The combative rhetoric has worried many pro-Europe Georgians, who fret that their leadership’s erratic response is further damaging its chances for a positive reception from the EU, which have already been damaged by the country’s democratic backsliding in recent years.
“Georgia and the Georgian people should not pay the price for the wrong steps of the government,” a group of opposition political groups said in a late May statement. The opposition argued that a positive decision from the EU would help the country develop democratically, implement reforms, and counter Russian influence.
The view is also widely shared among analysts who have argued that a perceived rejection from Europe could diminish Georgian enthusiasm for Europe, fueling anti-Western narratives by right-wing groups. Currently, over 80 percent of Georgians favor EU membership, according to an NDI/CRRC poll released in April.
Amid all this, however, Zourabichvili tried to rally Georgians’ hopes.
“This is quite a grim picture and despite this, a small but real chance remains,” she said in her speech.
Zourabichvili was elected in 2018 with the support of Georgian Dream but in recent months has turned into an outspoken critic of the party. She has channeled many Georgians’ support for Ukraine, even as the government has been deeply cautious about criticizing Russia.
In the speech, she argued that the resolution language on sanctioning Ivanishvili came with “factual inaccuracies and unfounded accusations.” But she said there was plenty of blame to go around, citing the “consistent work of some radical opposition and the silence and inaction of the government.”
To demonstrate the country’s desire for European integration she appealed to Georgians to gather the night before the European Commission is expected to issue its opinion. “Let us see each other and show Europe ourselves, our unity, our will,” Zourabichvili said.
She presented the event as apolitical, with “no speeches, no announcements, no posters” and where everyone would come as an “ordinary citizen” rather than as a political partisan.
Her event appeared to be an attempt to preempt one with a similar theme that was organized for June 20 and endorsed by some opposition parties.
That will be the three-year anniversary of the violent police dispersal of an anti-Russia rally in Tbilisi.

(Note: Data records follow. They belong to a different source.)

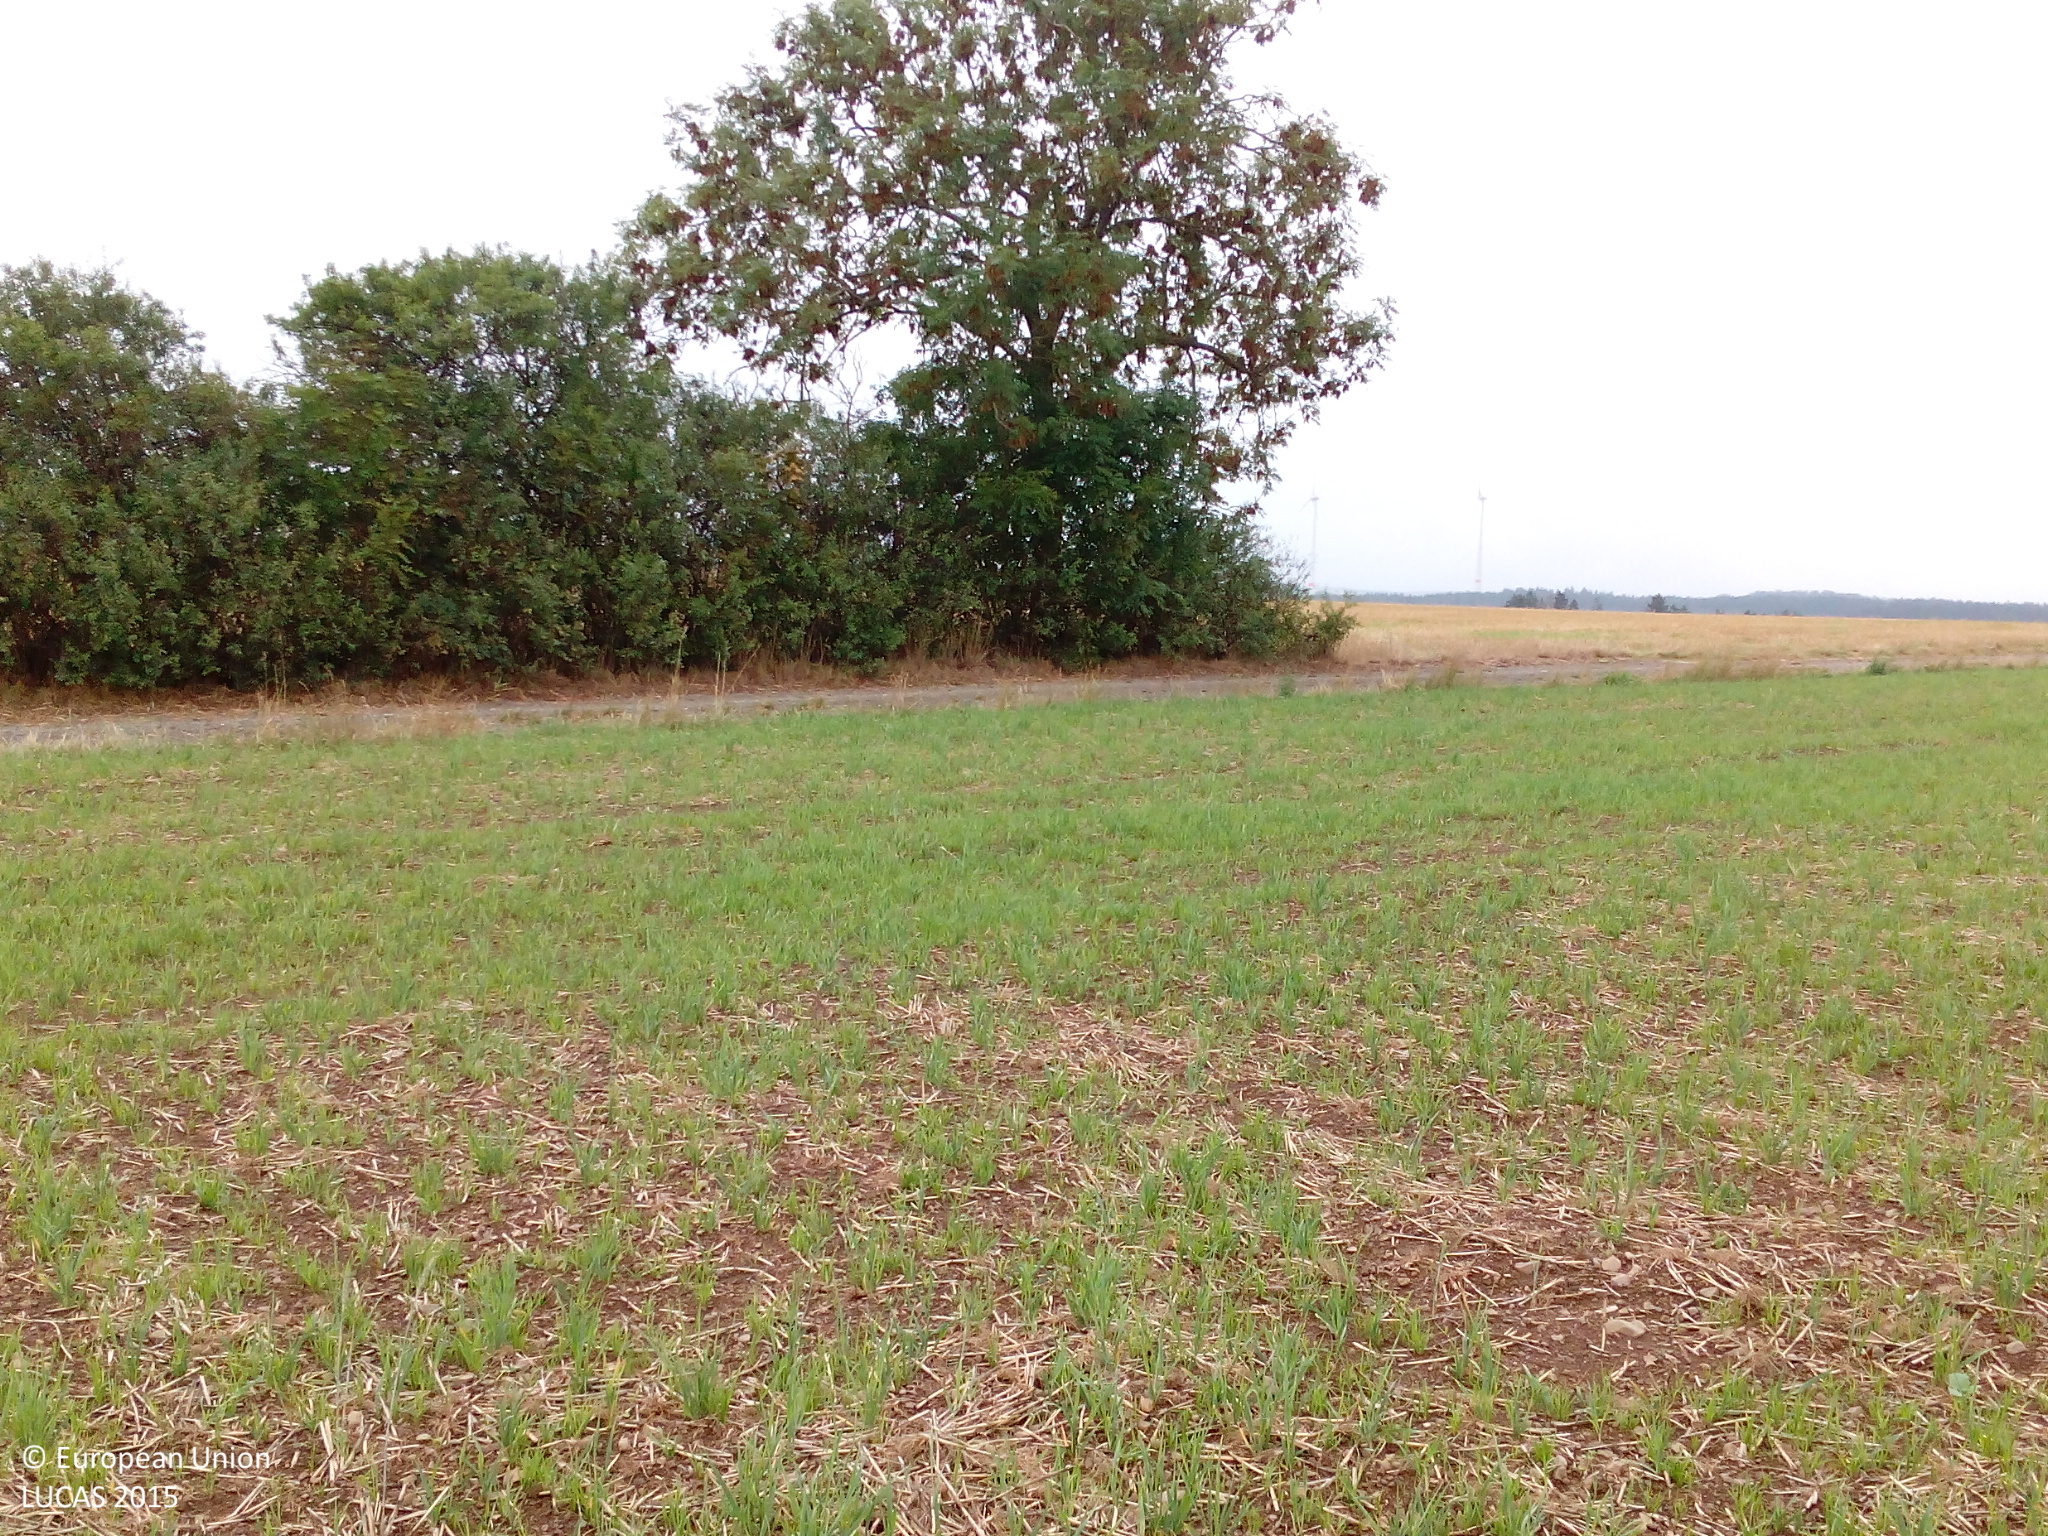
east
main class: Cropland
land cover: Common wheat
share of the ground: 25 - 50 %
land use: Agriculture (excluding fallow land and kitchen gardens)
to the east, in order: Common wheat; Tracks; Abandoned hedges; Barley
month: August
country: DE
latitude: 50.3110
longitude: 11.9796

Zourabichvili called on organizers of that event to consider postponing it as “this is no time for political ambitions and dividing people.”
Leaders of some opposition parties, including Lelo for Georgia and the Party of Citizens, said they supported attending both demonstrations, citing the need for unity. But Nika Melia, the chairman of the United National Movement (UNM), the largest opposition party, criticized Zourabichvili’s address and called on supporters to go to the June 20 event.
Georgian Dream, too, distanced itself from Zourabichvili’s gathering. The party's chairman, Irakli Kobakhidze, said the event was “unprepared” and that it was “not serious” for the president to call for unity with “the party of war,” a term the party uses to vilify the UNM.
Nini Gabritchidze is a Tbilisi-based journalist.